== YOUR INSTRUCTIONS ==
Line by line, restate the material word for word, omitting any image.

== DATA FOR ANALYSIS ==
**********

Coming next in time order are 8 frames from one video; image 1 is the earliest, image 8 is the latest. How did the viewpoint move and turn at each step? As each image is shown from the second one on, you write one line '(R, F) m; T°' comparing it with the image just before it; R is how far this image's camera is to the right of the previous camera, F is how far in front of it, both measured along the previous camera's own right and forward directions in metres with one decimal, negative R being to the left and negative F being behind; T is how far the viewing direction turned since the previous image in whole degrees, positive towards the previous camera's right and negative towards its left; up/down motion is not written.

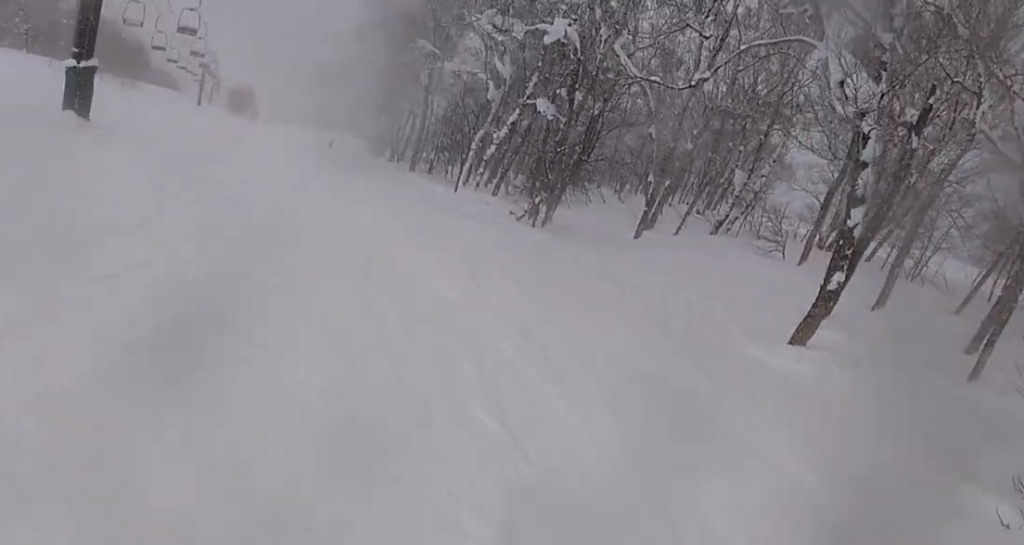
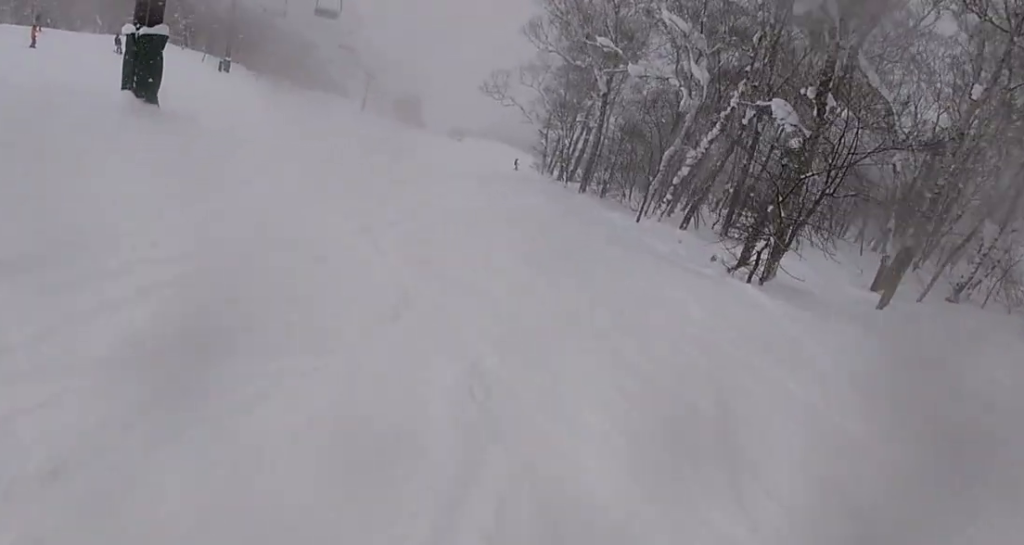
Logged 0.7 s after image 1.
(-0.7, +5.9) m; -18°
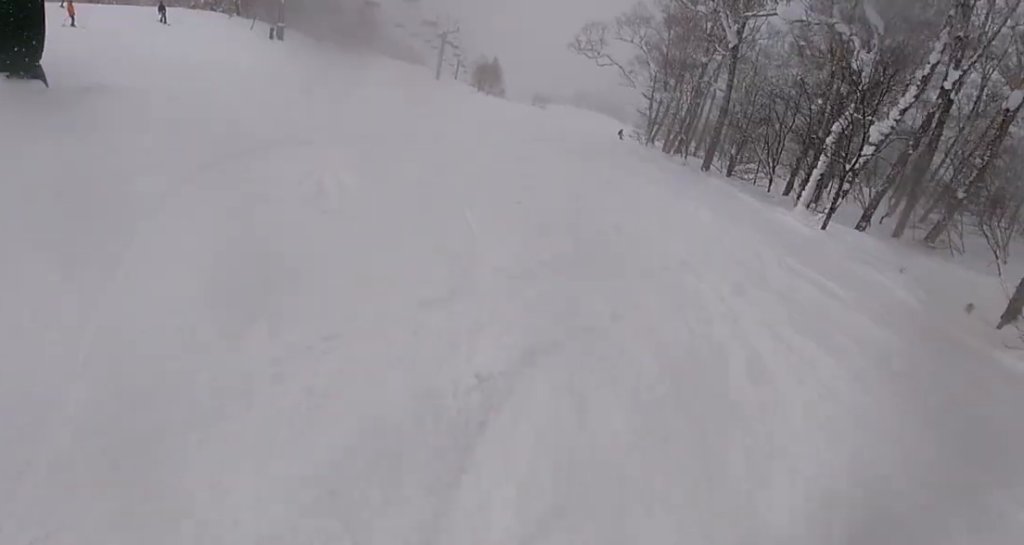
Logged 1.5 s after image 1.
(-1.5, +6.7) m; -10°
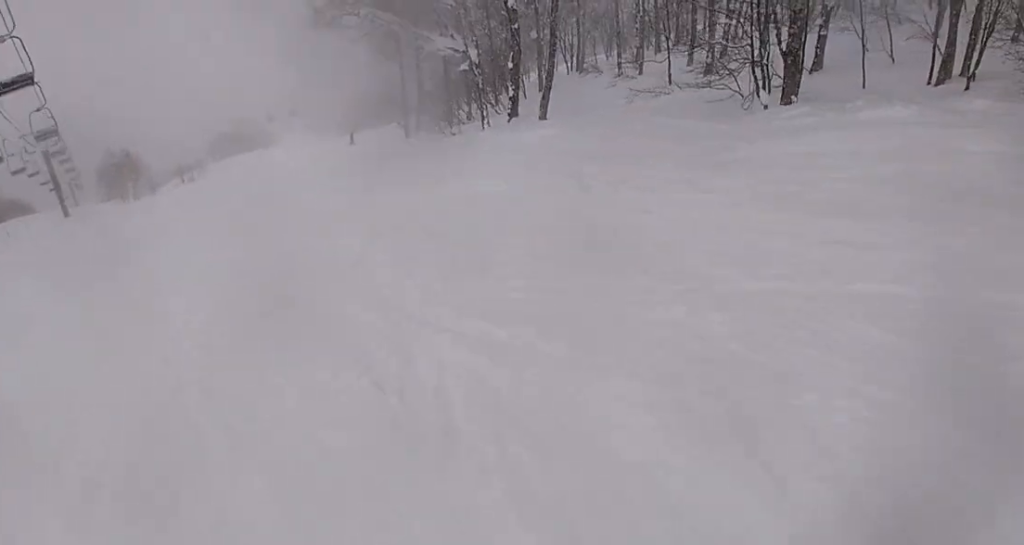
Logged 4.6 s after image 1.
(+5.7, +23.9) m; +37°
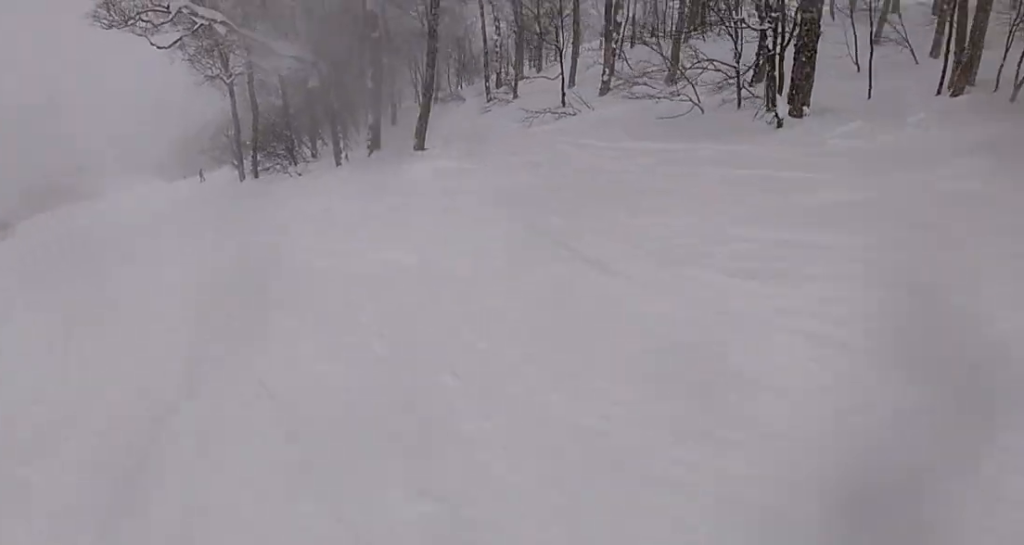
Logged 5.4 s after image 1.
(+0.5, +6.7) m; 0°
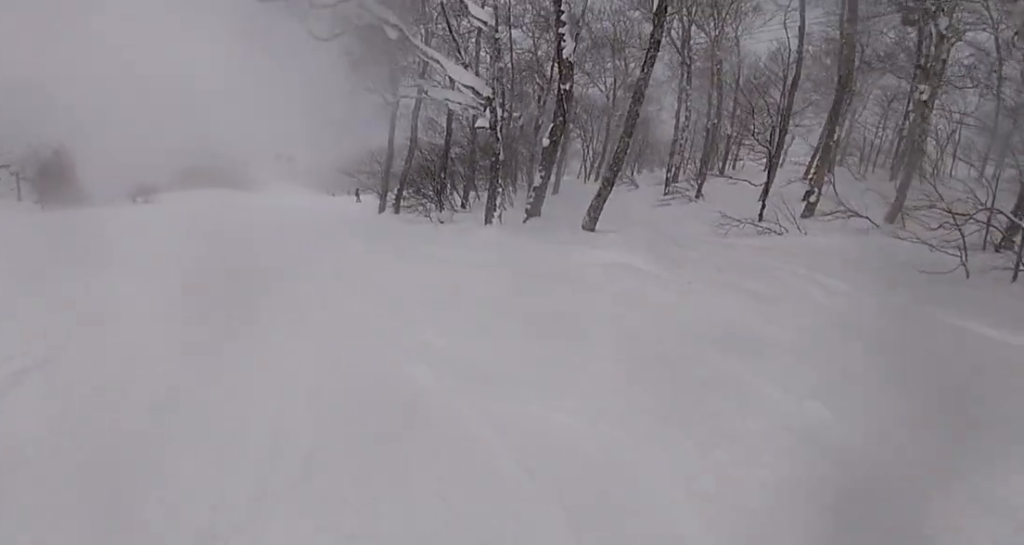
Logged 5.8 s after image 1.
(+0.1, +3.6) m; -5°
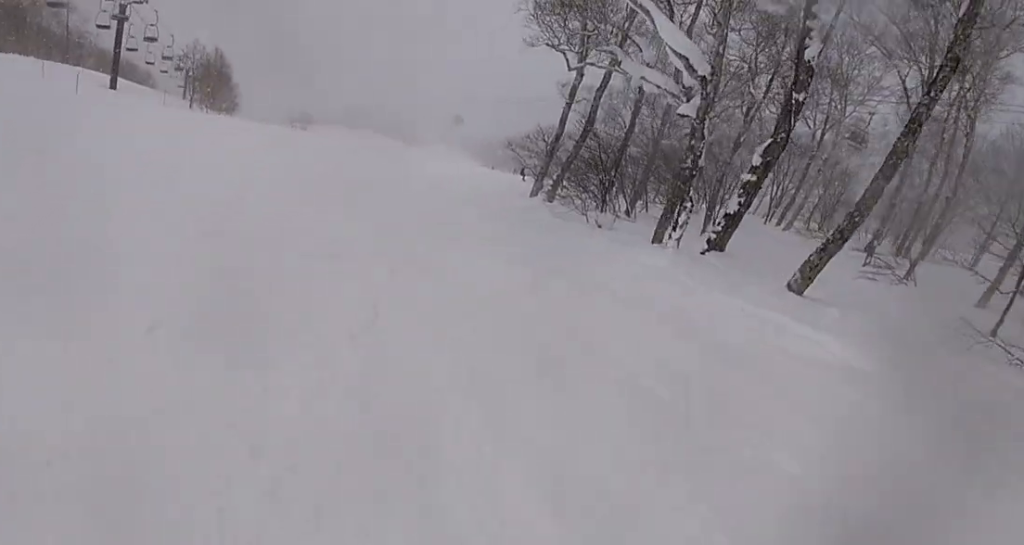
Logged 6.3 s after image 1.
(-0.3, +3.8) m; -6°
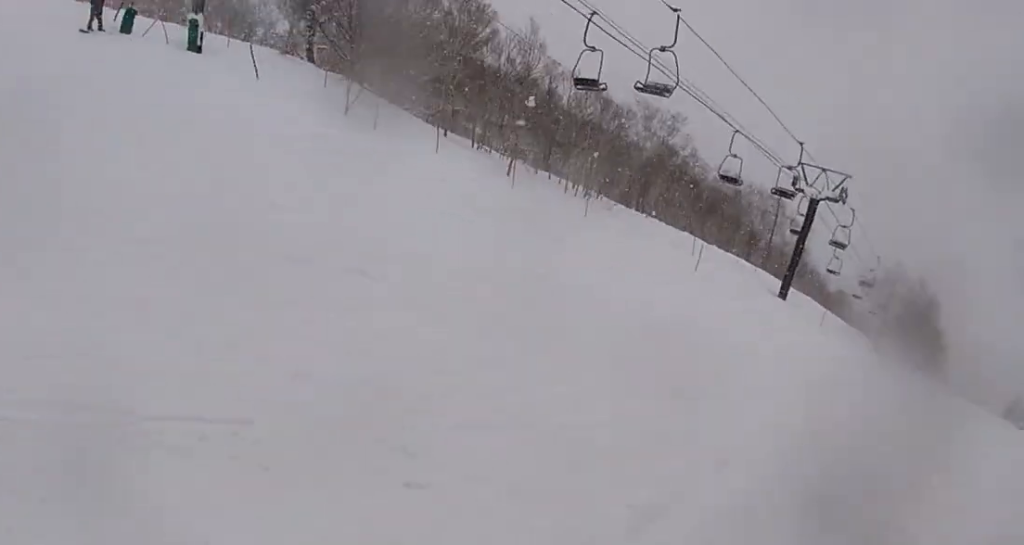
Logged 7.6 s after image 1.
(-1.7, +10.4) m; -17°

**********

== TASK SOLUTION ==
Coming next in time order are 8 frames from one video; image 1 is the earliest, image 8 is the latest. How did the viewpoint move and turn at each step? As each image is shown from the second one on, you write one line '(R, F) m; T°' comparing it with the image just before it; R is how far this image's camera is to the right of the previous camera, F is how far in front of it, both measured along the previous camera's own right and forward directions in metres with one decimal, negative R being to the left and negative F being behind; T is how far the viewing direction turned since the previous image in whole degrees, positive towards the previous camera's right and negative towards its left; up/down motion is not written.

Logged 0.7 s after image 1.
(-0.7, +5.9) m; -18°
Logged 1.5 s after image 1.
(-1.5, +6.7) m; -10°
Logged 4.6 s after image 1.
(+5.7, +23.9) m; +37°
Logged 5.4 s after image 1.
(+0.5, +6.7) m; 0°
Logged 5.8 s after image 1.
(+0.1, +3.6) m; -5°
Logged 6.3 s after image 1.
(-0.3, +3.8) m; -6°
Logged 7.6 s after image 1.
(-1.7, +10.4) m; -17°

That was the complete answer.